Transliteration vs. Transcription vs. Translation
Our goal was to design a system that will transliterate from a reference Latin script name into the scripts and orthographies native to the above-mentioned languages. For example, the Devanagari script is the native script for both Hindi and Marathi (the language native to Nagpur, Maharashtra). Transliterating the Latin script names for NIT Garden and Chandramani Garden, both POIs in Nagpur, results in एनआईटी गार्डन and चंद्रमणी गार्डन, respectively, depending on the specific language’s orthography in that script.

It is important to note that the transliterated POI names are not translations. Transliteration is only concerned with writing the same words in a different script, much like an English language newspaper might choose to write the name Горбачёв from the Cyrillic script as “Gorbachev” for their readers who do not read the Cyrillic script. For example, the second word in both of the transliterated POI names above is still pronounced “garden”, and the second word of the Gujarati example earlier is still “hospital” — they remain the English words “garden” and “hospital”, just written in the other script. Indeed, common English words are frequently used in POI names in India, even when written in the native script. How the name is written in these scripts is largely driven by its pronunciation; so एनआईटी from the acronym NIT is pronounced “en-aye-tee”, not as the English word “nit”. Knowing that NIT is a common acronym from the region is one piece of evidence that can be used when deriving the correct transliteration.

Note also that, while we use the term transliteration, following convention in the NLP community for mapping directly between writing systems, romanization in South Asian languages regardless of the script is generally pronunciation-driven, and hence one could call these methods transcription rather than transliteration. The task remains, however, mapping between scripts, since pronunciation is only relatively coarsely captured in the Latin script for these languages, and there remain many script-specific correspondences that must be accounted for.
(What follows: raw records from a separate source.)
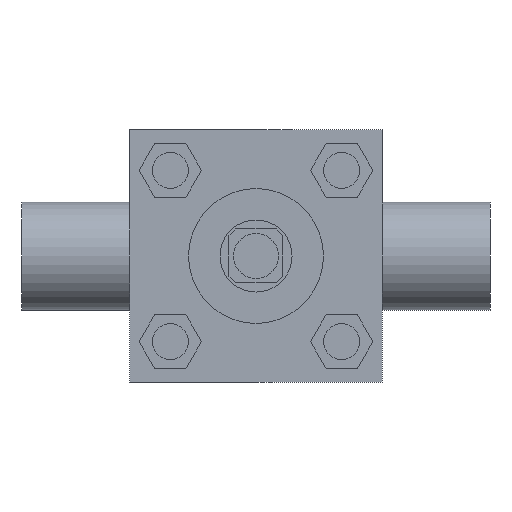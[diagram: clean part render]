
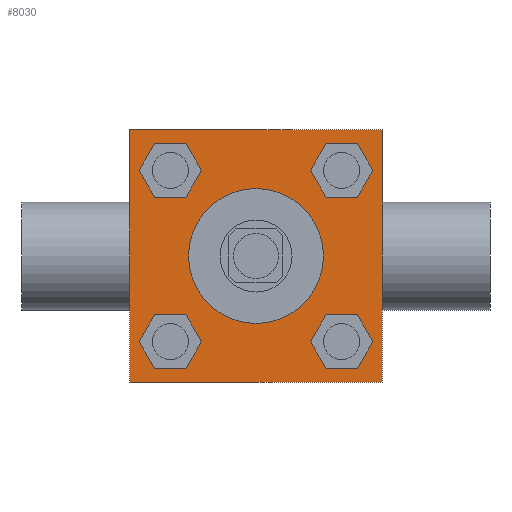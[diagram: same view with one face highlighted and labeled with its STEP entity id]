
A CAD part, front view. The second image highlights one B-rep face of the part: STEP entity #8030.
In plain terms, the highlighted face is planar.
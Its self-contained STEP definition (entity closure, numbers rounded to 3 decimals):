
#424=EDGE_CURVE('',#430,#430,#425,.T.);
#425=CIRCLE('',#426,11.906);
#426=AXIS2_PLACEMENT_3D('',#427,#428,#429);
#427=CARTESIAN_POINT('',(0.,15.875,0.));
#428=DIRECTION('',(0.,1.,0.));
#429=DIRECTION('',(1.,0.,0.));
#430=VERTEX_POINT('',#431);
#431=CARTESIAN_POINT('',(11.906,15.875,0.));
#562=VERTEX_POINT('',#563);
#563=CARTESIAN_POINT('',(22.225,15.875,-22.225));
#564=EDGE_CURVE('',#569,#562,#565,.T.);
#565=LINE('',#566,#567);
#566=CARTESIAN_POINT('',(-22.225,15.875,-22.225));
#567=VECTOR('',#568,1.);
#568=DIRECTION('',(1.,0.,0.));
#569=VERTEX_POINT('',#570);
#570=CARTESIAN_POINT('',(-22.225,15.875,-22.225));
#603=VERTEX_POINT('',#604);
#604=CARTESIAN_POINT('',(-22.225,15.875,22.225));
#605=EDGE_CURVE('',#610,#603,#606,.T.);
#606=LINE('',#607,#608);
#607=CARTESIAN_POINT('',(22.225,15.875,22.225));
#608=VECTOR('',#609,1.);
#609=DIRECTION('',(-1.,0.,0.));
#610=VERTEX_POINT('',#611);
#611=CARTESIAN_POINT('',(22.225,15.875,22.225));
#639=EDGE_CURVE('',#603,#569,#640,.T.);
#640=LINE('',#641,#642);
#641=CARTESIAN_POINT('',(-22.225,15.875,22.225));
#642=VECTOR('',#643,1.);
#643=DIRECTION('',(0.,0.,-1.));
#666=EDGE_CURVE('',#562,#610,#667,.T.);
#667=LINE('',#668,#669);
#668=CARTESIAN_POINT('',(22.225,15.875,-22.225));
#669=VECTOR('',#670,1.);
#670=DIRECTION('',(0.,0.,1.));
#793=FACE_OUTER_BOUND('',#799,.T.);
#794=FACE_BOUND('',#800,.T.);
#795=FACE_BOUND('',#801,.T.);
#796=FACE_BOUND('',#802,.T.);
#797=FACE_BOUND('',#803,.T.);
#798=FACE_BOUND('',#804,.T.);
#799=EDGE_LOOP('',(#805,#806,#807,#808,#809,#810));
#800=EDGE_LOOP('',(#853,#854,#855,#856,#857,#858));
#801=EDGE_LOOP('',(#901,#902,#903,#904));
#802=EDGE_LOOP('',(#905));
#803=EDGE_LOOP('',(#914,#915,#916,#917,#918,#919));
#804=EDGE_LOOP('',(#962,#963,#964,#965,#966,#967));
#805=ORIENTED_EDGE('',*,*,#811,.F.);
#806=ORIENTED_EDGE('',*,*,#820,.F.);
#807=ORIENTED_EDGE('',*,*,#827,.F.);
#808=ORIENTED_EDGE('',*,*,#834,.F.);
#809=ORIENTED_EDGE('',*,*,#841,.F.);
#810=ORIENTED_EDGE('',*,*,#848,.F.);
#811=EDGE_CURVE('',#816,#817,#812,.T.);
#812=LINE('',#813,#814);
#813=CARTESIAN_POINT('',(-20.612,15.875,-15.113));
#814=VECTOR('',#815,1.);
#815=DIRECTION('',(0.5,0.,-0.866));
#816=VERTEX_POINT('',#818);
#817=VERTEX_POINT('',#819);
#818=CARTESIAN_POINT('',(-20.612,15.875,-15.113));
#819=CARTESIAN_POINT('',(-17.863,15.875,-19.875));
#820=EDGE_CURVE('',#825,#816,#821,.T.);
#821=LINE('',#822,#823);
#822=CARTESIAN_POINT('',(-17.863,15.875,-10.351));
#823=VECTOR('',#824,1.);
#824=DIRECTION('',(-0.5,0.,-0.866));
#825=VERTEX_POINT('',#826);
#826=CARTESIAN_POINT('',(-17.863,15.875,-10.351));
#827=EDGE_CURVE('',#832,#825,#828,.T.);
#828=LINE('',#829,#830);
#829=CARTESIAN_POINT('',(-12.363,15.875,-10.351));
#830=VECTOR('',#831,1.);
#831=DIRECTION('',(-1.,0.,0.));
#832=VERTEX_POINT('',#833);
#833=CARTESIAN_POINT('',(-12.363,15.875,-10.351));
#834=EDGE_CURVE('',#839,#832,#835,.T.);
#835=LINE('',#836,#837);
#836=CARTESIAN_POINT('',(-9.614,15.875,-15.113));
#837=VECTOR('',#838,1.);
#838=DIRECTION('',(-0.5,0.,0.866));
#839=VERTEX_POINT('',#840);
#840=CARTESIAN_POINT('',(-9.614,15.875,-15.113));
#841=EDGE_CURVE('',#846,#839,#842,.T.);
#842=LINE('',#843,#844);
#843=CARTESIAN_POINT('',(-12.363,15.875,-19.875));
#844=VECTOR('',#845,1.);
#845=DIRECTION('',(0.5,0.,0.866));
#846=VERTEX_POINT('',#847);
#847=CARTESIAN_POINT('',(-12.363,15.875,-19.875));
#848=EDGE_CURVE('',#817,#846,#849,.T.);
#849=LINE('',#850,#851);
#850=CARTESIAN_POINT('',(-17.863,15.875,-19.875));
#851=VECTOR('',#852,1.);
#852=DIRECTION('',(1.,0.,0.));
#853=ORIENTED_EDGE('',*,*,#859,.F.);
#854=ORIENTED_EDGE('',*,*,#868,.F.);
#855=ORIENTED_EDGE('',*,*,#875,.F.);
#856=ORIENTED_EDGE('',*,*,#882,.F.);
#857=ORIENTED_EDGE('',*,*,#889,.F.);
#858=ORIENTED_EDGE('',*,*,#896,.F.);
#859=EDGE_CURVE('',#864,#865,#860,.T.);
#860=LINE('',#861,#862);
#861=CARTESIAN_POINT('',(-20.612,15.875,15.113));
#862=VECTOR('',#863,1.);
#863=DIRECTION('',(0.5,0.,-0.866));
#864=VERTEX_POINT('',#866);
#865=VERTEX_POINT('',#867);
#866=CARTESIAN_POINT('',(-20.612,15.875,15.113));
#867=CARTESIAN_POINT('',(-17.863,15.875,10.351));
#868=EDGE_CURVE('',#873,#864,#869,.T.);
#869=LINE('',#870,#871);
#870=CARTESIAN_POINT('',(-17.863,15.875,19.875));
#871=VECTOR('',#872,1.);
#872=DIRECTION('',(-0.5,0.,-0.866));
#873=VERTEX_POINT('',#874);
#874=CARTESIAN_POINT('',(-17.863,15.875,19.875));
#875=EDGE_CURVE('',#880,#873,#876,.T.);
#876=LINE('',#877,#878);
#877=CARTESIAN_POINT('',(-12.363,15.875,19.875));
#878=VECTOR('',#879,1.);
#879=DIRECTION('',(-1.,0.,0.));
#880=VERTEX_POINT('',#881);
#881=CARTESIAN_POINT('',(-12.363,15.875,19.875));
#882=EDGE_CURVE('',#887,#880,#883,.T.);
#883=LINE('',#884,#885);
#884=CARTESIAN_POINT('',(-9.614,15.875,15.113));
#885=VECTOR('',#886,1.);
#886=DIRECTION('',(-0.5,0.,0.866));
#887=VERTEX_POINT('',#888);
#888=CARTESIAN_POINT('',(-9.614,15.875,15.113));
#889=EDGE_CURVE('',#894,#887,#890,.T.);
#890=LINE('',#891,#892);
#891=CARTESIAN_POINT('',(-12.363,15.875,10.351));
#892=VECTOR('',#893,1.);
#893=DIRECTION('',(0.5,0.,0.866));
#894=VERTEX_POINT('',#895);
#895=CARTESIAN_POINT('',(-12.363,15.875,10.351));
#896=EDGE_CURVE('',#865,#894,#897,.T.);
#897=LINE('',#898,#899);
#898=CARTESIAN_POINT('',(-17.863,15.875,10.351));
#899=VECTOR('',#900,1.);
#900=DIRECTION('',(1.,0.,0.));
#901=ORIENTED_EDGE('',*,*,#639,.T.);
#902=ORIENTED_EDGE('',*,*,#564,.T.);
#903=ORIENTED_EDGE('',*,*,#666,.T.);
#904=ORIENTED_EDGE('',*,*,#605,.T.);
#905=ORIENTED_EDGE('',*,*,#424,.F.);
#914=ORIENTED_EDGE('',*,*,#920,.F.);
#915=ORIENTED_EDGE('',*,*,#929,.F.);
#916=ORIENTED_EDGE('',*,*,#936,.F.);
#917=ORIENTED_EDGE('',*,*,#943,.F.);
#918=ORIENTED_EDGE('',*,*,#950,.F.);
#919=ORIENTED_EDGE('',*,*,#957,.F.);
#920=EDGE_CURVE('',#925,#926,#921,.T.);
#921=LINE('',#922,#923);
#922=CARTESIAN_POINT('',(9.614,15.875,-15.113));
#923=VECTOR('',#924,1.);
#924=DIRECTION('',(0.5,0.,-0.866));
#925=VERTEX_POINT('',#927);
#926=VERTEX_POINT('',#928);
#927=CARTESIAN_POINT('',(9.614,15.875,-15.113));
#928=CARTESIAN_POINT('',(12.363,15.875,-19.875));
#929=EDGE_CURVE('',#934,#925,#930,.T.);
#930=LINE('',#931,#932);
#931=CARTESIAN_POINT('',(12.363,15.875,-10.351));
#932=VECTOR('',#933,1.);
#933=DIRECTION('',(-0.5,0.,-0.866));
#934=VERTEX_POINT('',#935);
#935=CARTESIAN_POINT('',(12.363,15.875,-10.351));
#936=EDGE_CURVE('',#941,#934,#937,.T.);
#937=LINE('',#938,#939);
#938=CARTESIAN_POINT('',(17.863,15.875,-10.351));
#939=VECTOR('',#940,1.);
#940=DIRECTION('',(-1.,0.,0.));
#941=VERTEX_POINT('',#942);
#942=CARTESIAN_POINT('',(17.863,15.875,-10.351));
#943=EDGE_CURVE('',#948,#941,#944,.T.);
#944=LINE('',#945,#946);
#945=CARTESIAN_POINT('',(20.612,15.875,-15.113));
#946=VECTOR('',#947,1.);
#947=DIRECTION('',(-0.5,0.,0.866));
#948=VERTEX_POINT('',#949);
#949=CARTESIAN_POINT('',(20.612,15.875,-15.113));
#950=EDGE_CURVE('',#955,#948,#951,.T.);
#951=LINE('',#952,#953);
#952=CARTESIAN_POINT('',(17.863,15.875,-19.875));
#953=VECTOR('',#954,1.);
#954=DIRECTION('',(0.5,0.,0.866));
#955=VERTEX_POINT('',#956);
#956=CARTESIAN_POINT('',(17.863,15.875,-19.875));
#957=EDGE_CURVE('',#926,#955,#958,.T.);
#958=LINE('',#959,#960);
#959=CARTESIAN_POINT('',(12.363,15.875,-19.875));
#960=VECTOR('',#961,1.);
#961=DIRECTION('',(1.,0.,0.));
#962=ORIENTED_EDGE('',*,*,#968,.F.);
#963=ORIENTED_EDGE('',*,*,#977,.F.);
#964=ORIENTED_EDGE('',*,*,#984,.F.);
#965=ORIENTED_EDGE('',*,*,#991,.F.);
#966=ORIENTED_EDGE('',*,*,#998,.F.);
#967=ORIENTED_EDGE('',*,*,#1005,.F.);
#968=EDGE_CURVE('',#973,#974,#969,.T.);
#969=LINE('',#970,#971);
#970=CARTESIAN_POINT('',(9.614,15.875,15.113));
#971=VECTOR('',#972,1.);
#972=DIRECTION('',(0.5,0.,-0.866));
#973=VERTEX_POINT('',#975);
#974=VERTEX_POINT('',#976);
#975=CARTESIAN_POINT('',(9.614,15.875,15.113));
#976=CARTESIAN_POINT('',(12.363,15.875,10.351));
#977=EDGE_CURVE('',#982,#973,#978,.T.);
#978=LINE('',#979,#980);
#979=CARTESIAN_POINT('',(12.363,15.875,19.875));
#980=VECTOR('',#981,1.);
#981=DIRECTION('',(-0.5,0.,-0.866));
#982=VERTEX_POINT('',#983);
#983=CARTESIAN_POINT('',(12.363,15.875,19.875));
#984=EDGE_CURVE('',#989,#982,#985,.T.);
#985=LINE('',#986,#987);
#986=CARTESIAN_POINT('',(17.863,15.875,19.875));
#987=VECTOR('',#988,1.);
#988=DIRECTION('',(-1.,0.,0.));
#989=VERTEX_POINT('',#990);
#990=CARTESIAN_POINT('',(17.863,15.875,19.875));
#991=EDGE_CURVE('',#996,#989,#992,.T.);
#992=LINE('',#993,#994);
#993=CARTESIAN_POINT('',(20.612,15.875,15.113));
#994=VECTOR('',#995,1.);
#995=DIRECTION('',(-0.5,0.,0.866));
#996=VERTEX_POINT('',#997);
#997=CARTESIAN_POINT('',(20.612,15.875,15.113));
#998=EDGE_CURVE('',#1003,#996,#999,.T.);
#999=LINE('',#1000,#1001);
#1000=CARTESIAN_POINT('',(17.863,15.875,10.351));
#1001=VECTOR('',#1002,1.);
#1002=DIRECTION('',(0.5,0.,0.866));
#1003=VERTEX_POINT('',#1004);
#1004=CARTESIAN_POINT('',(17.863,15.875,10.351));
#1005=EDGE_CURVE('',#974,#1003,#1006,.T.);
#1006=LINE('',#1007,#1008);
#1007=CARTESIAN_POINT('',(12.363,15.875,10.351));
#1008=VECTOR('',#1009,1.);
#1009=DIRECTION('',(1.,0.,0.));
#1010=PLANE('',#1011);
#1011=AXIS2_PLACEMENT_3D('',#1012,#1013,#1014);
#1012=CARTESIAN_POINT('',(-22.225,15.875,22.225));
#1013=DIRECTION('',(0.,1.,0.));
#1014=DIRECTION('',(0.,0.,1.));
#8030=ADVANCED_FACE('',(#793,#794,#795,#796,#797,#798),#1010,.F.);

This, coupled with the lack of standard spelling in the Latin script and the resulting variability, is what makes the task challenging.

Transliteration Ensemble
We use an ensemble of models to automatically transliterate from the reference Latin script name (such as NIT Garden or Chandramani Garden) into the scripts and orthographies native to the above-mentioned languages. Candidate transliterations are derived from a pair of sequence-to-sequence (seq2seq) models. One is a finite-state model for general text transliteration, trained in a manner similar to models used by Gboard on-device for transliteration keyboards. The other is a neural long short-term memory (LSTM) model trained, in part, on the publicly released Dakshina dataset. This dataset contains Latin and native script data drawn from Wikipedia in 12 South Asian languages, including all but one of the languages mentioned above, and permits training and evaluation of various transliteration methods. Because the two models have such different characteristics, together they produce a greater variety of transliteration candidates.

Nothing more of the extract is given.